Ball Park Music and their candid lyrics about love, lust and self-hatred tap into a certain Australian suburban mood, something many people can relate to. “I'm just a normal person like everybody else. I think it's easy to process a lot of that kind of imagery and those ideas and put it back into lyrics in a poetic way using things that are familiar. It's easy for me because that's kind of my life and a lot of other people's lives as well. It's always just been something that's felt really natural.”

But Cromack doesn't think that means that their sound is particularly 'Australian' per se.

“I would say even though, I know personally, I write and draw on a lot of my experience here in Australia, my understanding is that I don't think our band has an especially Australian sound necessarily, maybe it does, I don't know, maybe I'm the wrong person to ask... Like The Drones, The Drones are like very Australian-sounding in a good way, whereas when I listen to us I think we have spent a lot more time imitating the stylings of a lot of indie and alternative bands from the UK and the US. I don't think we seek to necessarily be like flying the flag for Australia in our music.”

He reckons there's no particular mood or political agenda in the Brisbane music scene currently, or at least, nothing akin to that predominant for The Saints and more during the Bjelke-Petersen years (1968 - 1987). 

“I don't know if you've ever heard of the book called Pig City, it's about the Brisbane music scene during the Joh Bjelke-Petersen years, he was an old – I think he was a National – Premier in Queensland for a long time. He was pretty notorious. And there were heaps of bands at that time acting out against the mood in the state, whereas I don't think we really have anything like that.
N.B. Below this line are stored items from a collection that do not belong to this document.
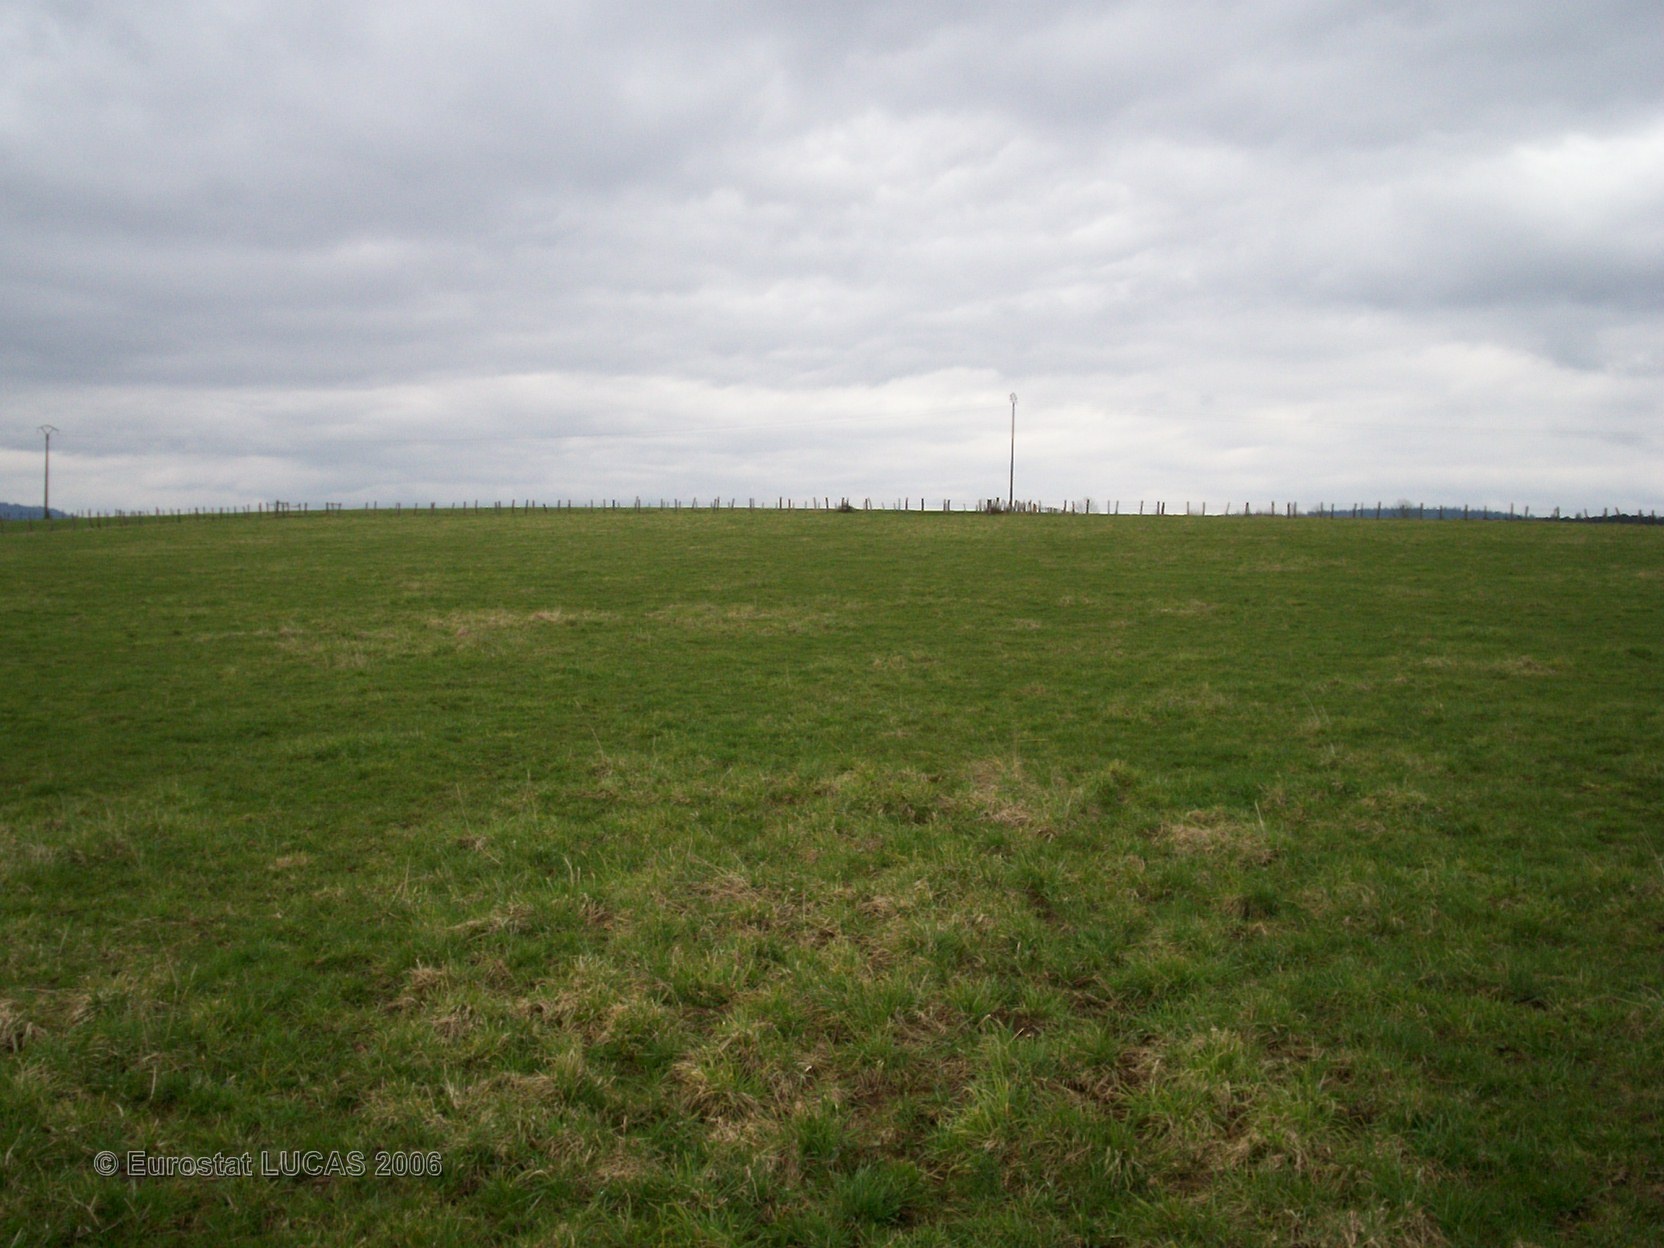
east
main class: Grassland
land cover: Grassland without tree/shrub cover
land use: Agriculture (excluding fallow land and kitchen gardens)
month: April
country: FR
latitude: 48.0060
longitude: 6.5025

I don't think we have a really angry or political agenda, most people are writing songs from a personal point of view.

“[Now] the government in Queensland changed hands only a year or so ago and now the LNP has a massive majority there and there have been a lot of changes in Queensland. The mood is probably changing a little bit. I do sometimes wonder if any of the music or just arts scene in general will start to mirror what people feel. But realistically I don't think the changes are constricting people that badly. What's worse than having musicians fucking bitch and moan about politics? It's such a hypocritical thing, I think. I've always been of the belief that singing your song, playing your guitar, isn't going to change a whole lot.”